Figure 13.10: Atrial Tachycardia. Three or more consecutive premature atrial complexes in a row is considered atrial tachycardia if the rate exceeds 100 beats per minute.

 

              

Figure 13.11: Multifocal Atrial Tachycardia. When three or more consecutive multifocal premature atrial complexes are present (arrows) with a rate >100 beats per minute, the rhythm is called multifocal atrial tachycardia.

              

Figure 13.12: Multifocal Atrial Rhythm or Chaotic Atrial Rhythm. The rhythm shows P waves with varying sizes and shapes (arrows) similar to the arrhythmia shown in Figure 13.11. The rate, however, is ≤100 beats per minute and does not qualify as tachycardia.

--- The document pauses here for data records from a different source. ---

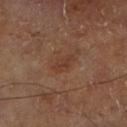No biopsy was performed on this lesion — it was imaged during a full skin examination and was not determined to be concerning. Captured under cross-polarized illumination. A male subject, aged around 70. Cropped from a total-body skin-imaging series; the visible field is about 15 mm. The lesion is on the right lower leg. About 3 mm across. An algorithmic analysis of the crop reported a footprint of about 3 mm², a shape eccentricity near 0.9, and two-axis asymmetry of about 0.3. And it measured internal color variation of about 0.5 on a 0–10 scale and peripheral color asymmetry of about 0. The analysis additionally found an automated nevus-likeness rating near 5 out of 100 and lesion-presence confidence of about 100/100.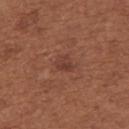follow-up: total-body-photography surveillance lesion; no biopsy | image source: ~15 mm tile from a whole-body skin photo | image-analysis metrics: a footprint of about 3.5 mm², an outline eccentricity of about 0.7 (0 = round, 1 = elongated), and two-axis asymmetry of about 0.3; roughly 7 lightness units darker than nearby skin and a lesion-to-skin contrast of about 6 (normalized; higher = more distinct); a detector confidence of about 100 out of 100 that the crop contains a lesion | anatomic site: the upper back | lighting: white-light | patient: female, about 65 years old.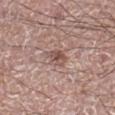follow-up=catalogued during a skin exam; not biopsied
acquisition=total-body-photography crop, ~15 mm field of view
size=about 3 mm
location=the right lower leg
subject=male, about 60 years old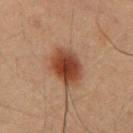Impression: Recorded during total-body skin imaging; not selected for excision or biopsy.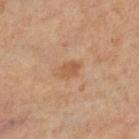| feature | finding |
|---|---|
| notes | total-body-photography surveillance lesion; no biopsy |
| patient | female, aged 63–67 |
| body site | the right leg |
| imaging modality | 15 mm crop, total-body photography |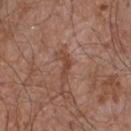The lesion was tiled from a total-body skin photograph and was not biopsied. The lesion-visualizer software estimated an average lesion color of about L≈45 a*≈21 b*≈28 (CIELAB), about 8 CIELAB-L* units darker than the surrounding skin, and a lesion-to-skin contrast of about 6.5 (normalized; higher = more distinct). On the chest. This is a white-light tile. The subject is a male roughly 55 years of age. Measured at roughly 3 mm in maximum diameter. A 15 mm close-up extracted from a 3D total-body photography capture.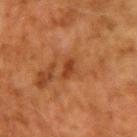Imaged during a routine full-body skin examination; the lesion was not biopsied and no histopathology is available.
A male patient about 70 years old.
On the right upper arm.
An algorithmic analysis of the crop reported an outline eccentricity of about 0.85 (0 = round, 1 = elongated) and two-axis asymmetry of about 0.25. It also reported internal color variation of about 1.5 on a 0–10 scale and a peripheral color-asymmetry measure near 0.5.
Imaged with cross-polarized lighting.
Cropped from a total-body skin-imaging series; the visible field is about 15 mm.
About 2.5 mm across.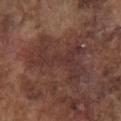  biopsy_status: not biopsied; imaged during a skin examination
  patient:
    sex: male
    age_approx: 75
  lighting: white-light
  image:
    source: total-body photography crop
    field_of_view_mm: 15
  automated_metrics:
    vs_skin_contrast_norm: 6.5
    color_variation_0_10: 3.0
    nevus_likeness_0_100: 0
  site: chest
  lesion_size:
    long_diameter_mm_approx: 7.5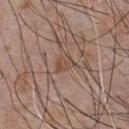Part of a total-body skin-imaging series; this lesion was reviewed on a skin check and was not flagged for biopsy.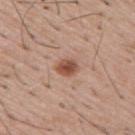No biopsy was performed on this lesion — it was imaged during a full skin examination and was not determined to be concerning. The patient is a male roughly 55 years of age. The lesion-visualizer software estimated roughly 13 lightness units darker than nearby skin and a lesion-to-skin contrast of about 9 (normalized; higher = more distinct). Imaged with white-light lighting. This image is a 15 mm lesion crop taken from a total-body photograph. Longest diameter approximately 2.5 mm.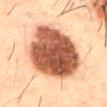– subject · male, aged 48 to 52
– lesion size · about 8.5 mm
– image source · ~15 mm crop, total-body skin-cancer survey
– anatomic site · the mid back
– lighting · cross-polarized illumination
– automated metrics · a shape eccentricity near 0.65 and two-axis asymmetry of about 0.15; a lesion color around L≈43 a*≈21 b*≈28 in CIELAB, a lesion–skin lightness drop of about 21, and a lesion-to-skin contrast of about 14.5 (normalized; higher = more distinct); border irregularity of about 1.5 on a 0–10 scale, a color-variation rating of about 6/10, and a peripheral color-asymmetry measure near 2; an automated nevus-likeness rating near 75 out of 100 and a detector confidence of about 100 out of 100 that the crop contains a lesion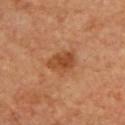Notes:
- workup — total-body-photography surveillance lesion; no biopsy
- subject — female, in their mid-50s
- diameter — about 4 mm
- automated lesion analysis — an eccentricity of roughly 0.75; a mean CIELAB color near L≈49 a*≈26 b*≈39, a lesion–skin lightness drop of about 10, and a normalized border contrast of about 7.5; a nevus-likeness score of about 60/100 and a lesion-detection confidence of about 100/100
- image — total-body-photography crop, ~15 mm field of view
- illumination — cross-polarized
- anatomic site — the upper back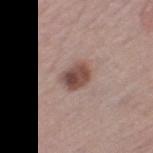Recorded during total-body skin imaging; not selected for excision or biopsy. A 15 mm crop from a total-body photograph taken for skin-cancer surveillance. The recorded lesion diameter is about 3.5 mm. Automated image analysis of the tile measured a footprint of about 7 mm², a shape eccentricity near 0.7, and two-axis asymmetry of about 0.15. The software also gave a border-irregularity rating of about 1.5/10, a within-lesion color-variation index near 5/10, and a peripheral color-asymmetry measure near 2. It also reported a classifier nevus-likeness of about 80/100 and lesion-presence confidence of about 100/100. A female patient, aged approximately 65. On the left thigh.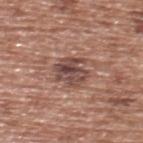Clinical impression:
Captured during whole-body skin photography for melanoma surveillance; the lesion was not biopsied.
Image and clinical context:
A 15 mm crop from a total-body photograph taken for skin-cancer surveillance. Located on the upper back. The lesion's longest dimension is about 3.5 mm. An algorithmic analysis of the crop reported a footprint of about 9 mm², a shape eccentricity near 0.4, and a shape-asymmetry score of about 0.3 (0 = symmetric). A male subject in their mid- to late 70s.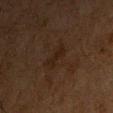Findings:
– workup — no biopsy performed (imaged during a skin exam)
– imaging modality — ~15 mm crop, total-body skin-cancer survey
– diameter — about 3 mm
– lighting — cross-polarized
– subject — male, aged around 75
– location — the chest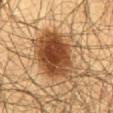  biopsy_status: not biopsied; imaged during a skin examination
  image:
    source: total-body photography crop
    field_of_view_mm: 15
  lesion_size:
    long_diameter_mm_approx: 10.0
  lighting: cross-polarized
  site: abdomen
  patient:
    sex: male
    age_approx: 60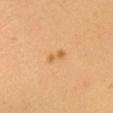Assessment: This lesion was catalogued during total-body skin photography and was not selected for biopsy. Image and clinical context: A female patient, aged 23 to 27. The lesion-visualizer software estimated roughly 9 lightness units darker than nearby skin and a normalized border contrast of about 6.5. And it measured a border-irregularity rating of about 4.5/10 and radial color variation of about 0. The software also gave a classifier nevus-likeness of about 60/100. The recorded lesion diameter is about 2.5 mm. Cropped from a whole-body photographic skin survey; the tile spans about 15 mm. Imaged with cross-polarized lighting. From the head or neck.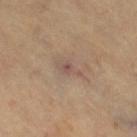biopsy status: total-body-photography surveillance lesion; no biopsy | body site: the right thigh | automated metrics: a border-irregularity index near 4/10, a color-variation rating of about 3/10, and peripheral color asymmetry of about 0.5 | image: ~15 mm tile from a whole-body skin photo | patient: female, roughly 70 years of age | diameter: ~3 mm (longest diameter) | tile lighting: cross-polarized.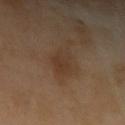biopsy_status: not biopsied; imaged during a skin examination
site: left upper arm
patient:
  sex: male
  age_approx: 70
image:
  source: total-body photography crop
  field_of_view_mm: 15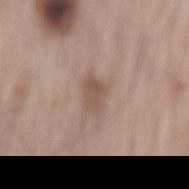The lesion was tiled from a total-body skin photograph and was not biopsied. The subject is a male aged 63–67. A 15 mm crop from a total-body photograph taken for skin-cancer surveillance. On the back. The recorded lesion diameter is about 3 mm. The tile uses white-light illumination. Automated tile analysis of the lesion measured an area of roughly 5 mm² and a shape eccentricity near 0.75. It also reported a mean CIELAB color near L≈53 a*≈16 b*≈25, a lesion–skin lightness drop of about 9, and a lesion-to-skin contrast of about 6.5 (normalized; higher = more distinct). And it measured a detector confidence of about 100 out of 100 that the crop contains a lesion.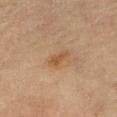notes — total-body-photography surveillance lesion; no biopsy
body site — the right lower leg
subject — female, aged approximately 80
tile lighting — cross-polarized illumination
automated lesion analysis — a footprint of about 3.5 mm², a shape eccentricity near 0.85, and a symmetry-axis asymmetry near 0.25; about 6 CIELAB-L* units darker than the surrounding skin and a lesion-to-skin contrast of about 6 (normalized; higher = more distinct); a border-irregularity rating of about 2.5/10, a within-lesion color-variation index near 2/10, and peripheral color asymmetry of about 0.5
image source — total-body-photography crop, ~15 mm field of view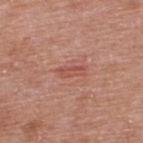Imaged during a routine full-body skin examination; the lesion was not biopsied and no histopathology is available.
A region of skin cropped from a whole-body photographic capture, roughly 15 mm wide.
The lesion is on the upper back.
Automated tile analysis of the lesion measured a lesion area of about 3.5 mm², an outline eccentricity of about 0.9 (0 = round, 1 = elongated), and a symmetry-axis asymmetry near 0.3.
A male patient about 65 years old.
Measured at roughly 3 mm in maximum diameter.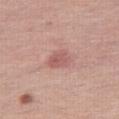biopsy status: no biopsy performed (imaged during a skin exam)
imaging modality: ~15 mm tile from a whole-body skin photo
subject: female, about 50 years old
location: the right thigh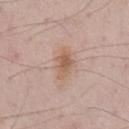| feature | finding |
|---|---|
| notes | imaged on a skin check; not biopsied |
| illumination | white-light |
| lesion size | ~4 mm (longest diameter) |
| subject | male, roughly 70 years of age |
| location | the front of the torso |
| acquisition | ~15 mm crop, total-body skin-cancer survey |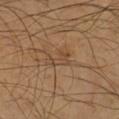<case>
<biopsy_status>not biopsied; imaged during a skin examination</biopsy_status>
<patient>
  <sex>male</sex>
  <age_approx>65</age_approx>
</patient>
<site>left forearm</site>
<image>
  <source>total-body photography crop</source>
  <field_of_view_mm>15</field_of_view_mm>
</image>
</case>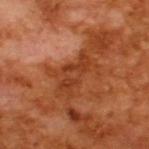{"biopsy_status": "not biopsied; imaged during a skin examination", "patient": {"sex": "male", "age_approx": 65}, "lighting": "cross-polarized", "image": {"source": "total-body photography crop", "field_of_view_mm": 15}}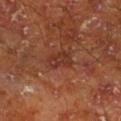Assessment:
This lesion was catalogued during total-body skin photography and was not selected for biopsy.
Image and clinical context:
A roughly 15 mm field-of-view crop from a total-body skin photograph. The total-body-photography lesion software estimated an area of roughly 5.5 mm², a shape eccentricity near 0.8, and a shape-asymmetry score of about 0.15 (0 = symmetric). It also reported a lesion color around L≈33 a*≈25 b*≈27 in CIELAB, roughly 7 lightness units darker than nearby skin, and a normalized lesion–skin contrast near 6.5. And it measured a border-irregularity index near 2/10, a within-lesion color-variation index near 3.5/10, and radial color variation of about 1. The software also gave an automated nevus-likeness rating near 0 out of 100 and a detector confidence of about 100 out of 100 that the crop contains a lesion. A male patient, aged 63 to 67. This is a cross-polarized tile. The lesion is on the leg. Longest diameter approximately 3 mm.

The arrhythmia is called multifocal atrial rhythm, chaotic atrial rhythm, or simply sinus rhythm with multifocal premature atrial complexes.

                

Figure 13.13: Premature Atrial Complexes (PACs) Causing Atrial Fibrillation. A single PAC (arrow) can precipitate atrial tachycardia, atrial flutter, or atrial fibrillation when there is appropriate substrate for reentry.

              

Figure 13.14: The Pause after a Premature Atrial Complex (PAC) is not Fully Compensatory. The rhythm strip shows a PAC followed by a pause that is not fully compensatory. The fourth P wave, marked by the star, is a PAC. DistanceA, which includes two sinus impulses straddling the PAC is shorter than distance B, which includes two sinus impulses straddling another sinus complex. ms, milliseconds.

               

Figure 13.15: The Pause after a Premature Ventricular Contraction (PVC) is Usually Fully Compensatory. The rhythm strip shows frequent PVCs. The pause after each PVC is fully compensatory. Note that the distance between two sinus impulses straddling a PVC (distance A) is the same as the distance between two sinus impulses straddling another sinus impulse (distance B). ms, milliseconds.

 

                 

Figure 13.16: Blocked Premature Atrial Complexes (PACs) Resembling Sinus Pauses. Rhythm strips A and B are examples of blocked PACs (arrows). The premature P waves (arrows) are barely visible because they are superimposed on the T wave of the previous complex. What is striking when PACs are blocked is the appearance of sudden pauses. The pauses can be mistaken for sinus arrest or sinus pause.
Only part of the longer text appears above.